[DATA LISTING]

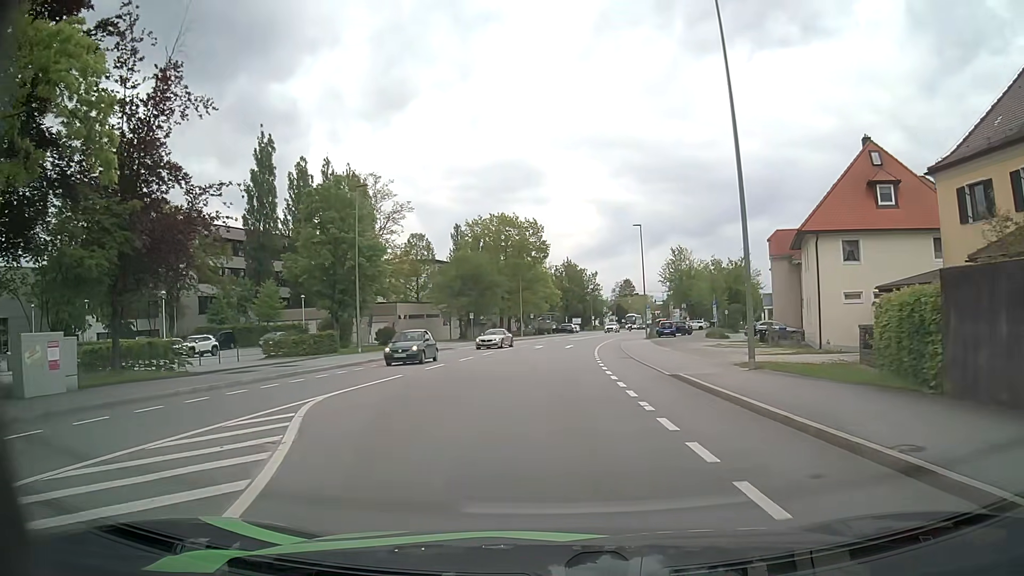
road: tertiary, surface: asphalt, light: Day
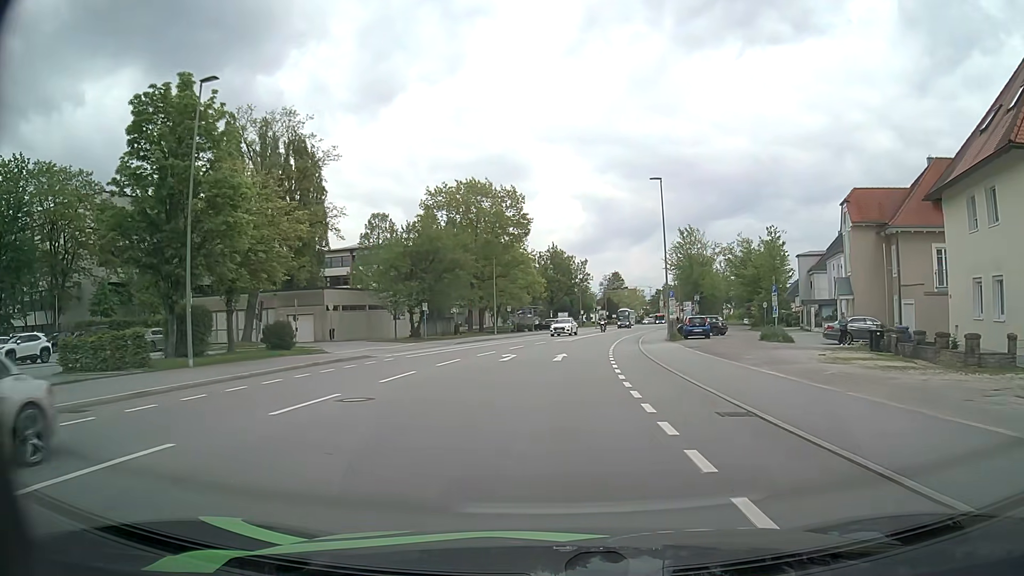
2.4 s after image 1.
(+0.5, +18.7) m; +2°
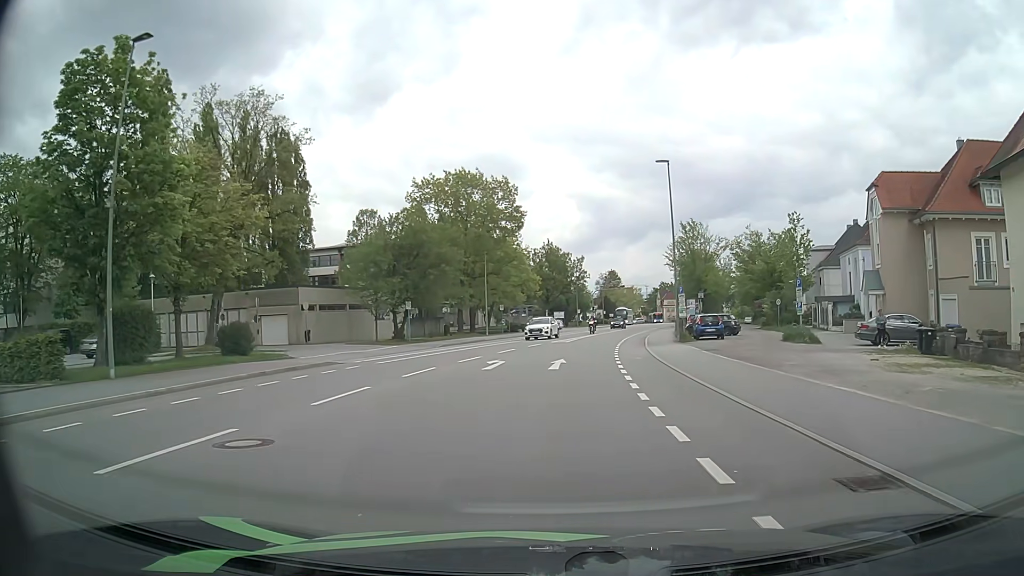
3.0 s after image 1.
(0.0, +4.6) m; +1°
(0, +10) (0, +20) (+1, +30) (+2, +40) (+4, +50) (+5, +60) (+7, +69) (+10, +79) (+12, +89) (+14, +99) m

[/DATA LISTING]

## EXERCISE BRIEF
Without changing a word, transcribe all of the data and omit its images.

## TASK SOLUTION
road: tertiary, surface: asphalt, light: Day
2.4 s after image 1.
(+0.5, +18.7) m; +2°
3.0 s after image 1.
(0.0, +4.6) m; +1°
(0, +10) (0, +20) (+1, +30) (+2, +40) (+4, +50) (+5, +60) (+7, +69) (+10, +79) (+12, +89) (+14, +99) m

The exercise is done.